Dazu braucht es Fehlertoleranz, klare Strukturen und ausreichende Ressourcen. Verantwortung entsteht nicht allein durch Appelle oder moralischen Druck. Sie braucht Räume, in denen Menschen sich ausprobieren können, in denen Fehler nicht sofort zu Schuld werden und in denen ein gemeinsames Zukunftsbild Orientierung bietet.

Von Arbeitgebern wird heute also deutlich mehr erwartet als Gehalt und Karriereperspektiven. Unternehmen stehen vor der Herausforderung unter schwierigen Bedingungen dennoch Menschen einen stabilen Rahmen zu bieten und gleichzeitig stärker als bisher an gemeinsamen Zukunftsbildern mitzuwirken. Für Unternehmen bedeutet das: Der Übergang zwischen unterschiedlichen Verantwortungskulturen muss aktiv moderiert werden. Führungskräfte müssen klare Strukturen geben, Dialog ermöglichen und Narrative vermitteln, für das sich Engagement lohnt.
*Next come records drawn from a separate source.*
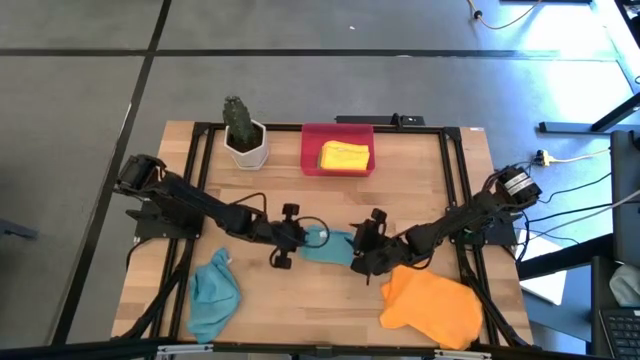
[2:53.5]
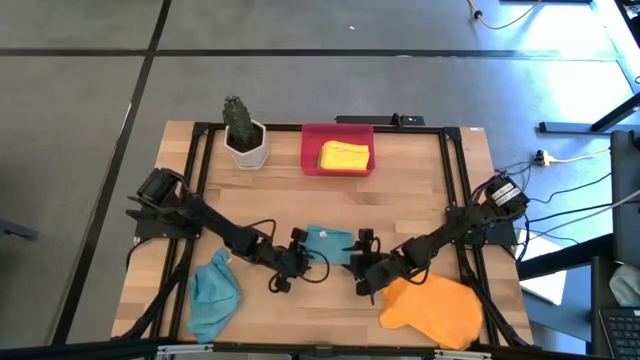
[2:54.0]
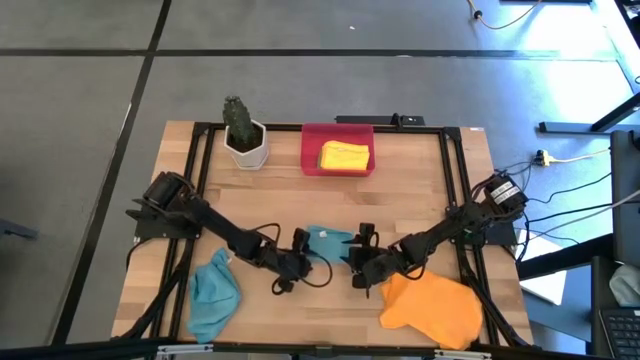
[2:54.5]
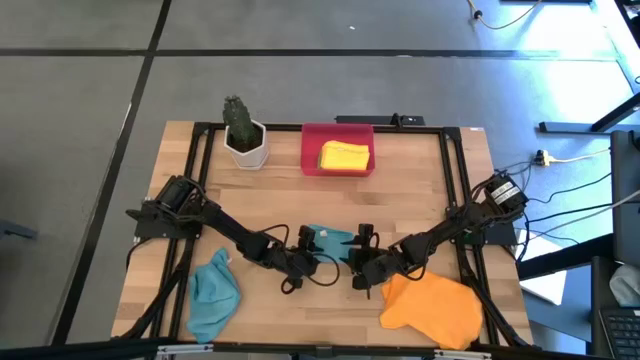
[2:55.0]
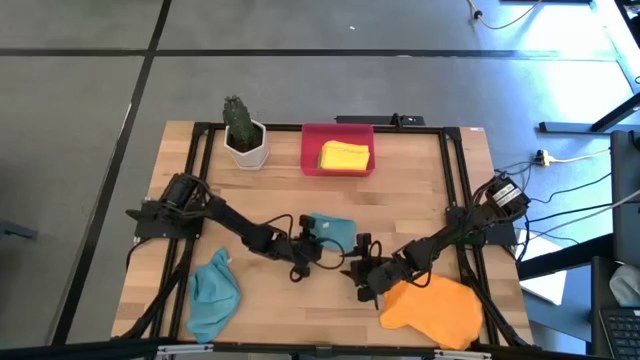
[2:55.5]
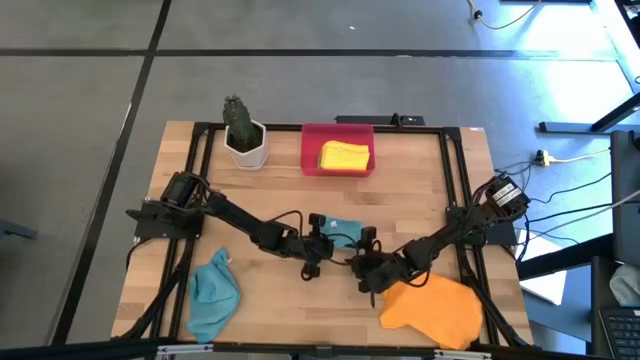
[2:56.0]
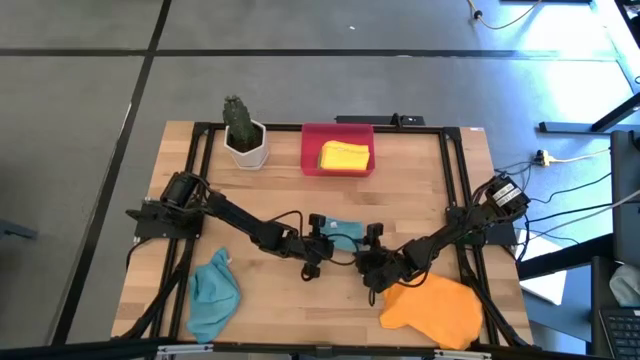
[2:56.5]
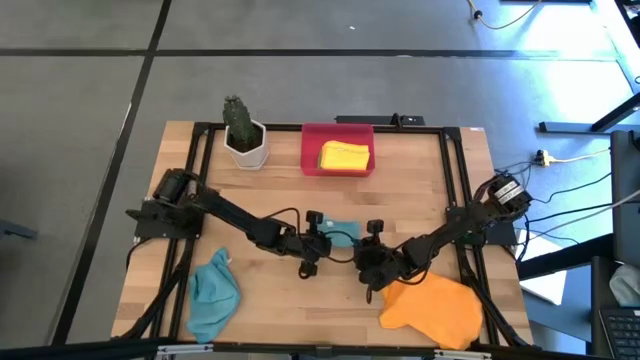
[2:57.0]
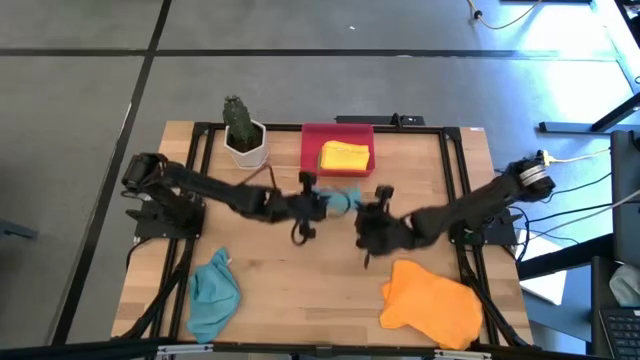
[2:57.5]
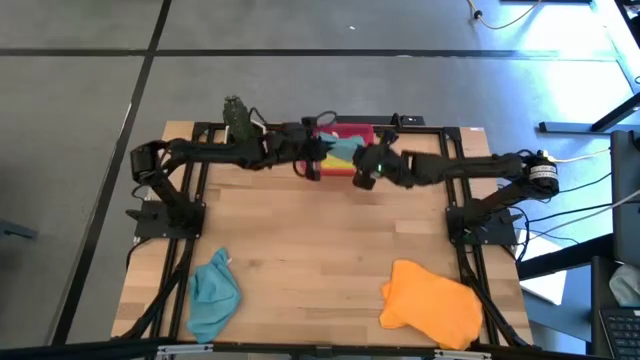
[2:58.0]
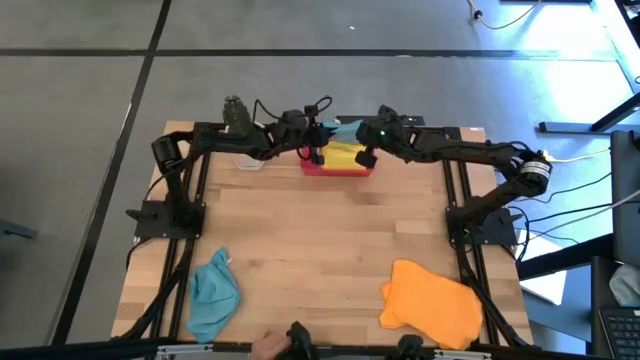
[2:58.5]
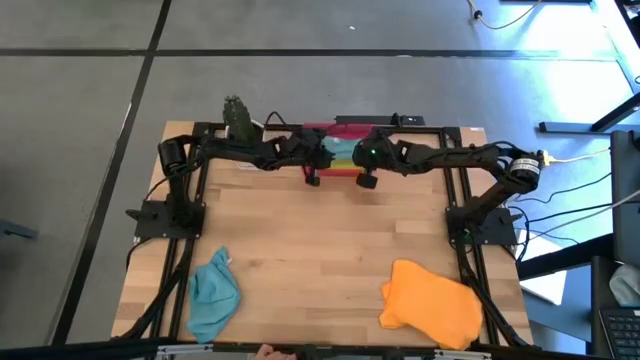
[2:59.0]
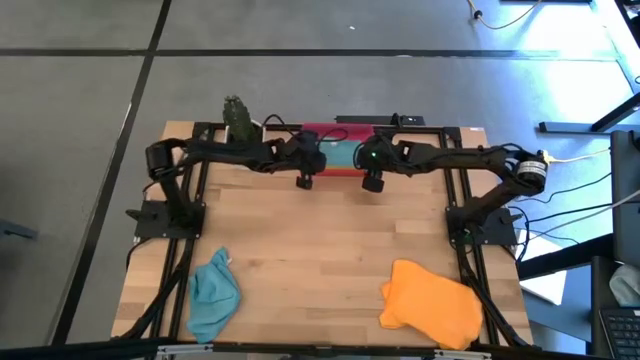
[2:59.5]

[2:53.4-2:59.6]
Task: Fold microfiber towels
Put the top blue microfiber cloth into the red bin

Unternehmen als Orte der Orientierung

Je mehr gesellschaftliche Verantwortung aus dem großen Ganzen in überschaubare Lebenswelten wandert, desto wichtiger werden Unternehmen als Orte von Orientierung, Resonanz und Zukunftsgestaltung, so ein Fazit der Studie. Sie werden zu sozialen und psychologischen Stabilitätsinseln in einer zunehmend unsicheren Welt.

Stichprobe und Methode:

Die Studie wurde 2026 vom rheingold Institut im Auftrag von ifp – Executive Search. Management Diagnostik durchgeführt. Grundlage der Untersuchung waren 32 zweistündige tiefenpsychologische Einzelinterviews sowie Gruppendiskussionen mit insgesamt 48 Menschen im Alter von 12 bis 60 Jahren. Die Teilnehmerinnen und Teilnehmer kamen aus unterschiedlichen Generationen, Lebenssituationen und beruflichen Hintergründen.

Ziel der Studie war es, Verantwortung als gesellschaftliches und arbeitsweltliches Schlüsselthema zu untersuchen: Wie definieren Menschen Verantwortung heute? Welche Voraussetzungen fördern Verantwortungsübernahme? Wie verändert sich das Verständnis von Verantwortung zwischen den Generationen? Und welche Folgen ergeben sich daraus für Führung, Unternehmenskultur und Arbeitswelt?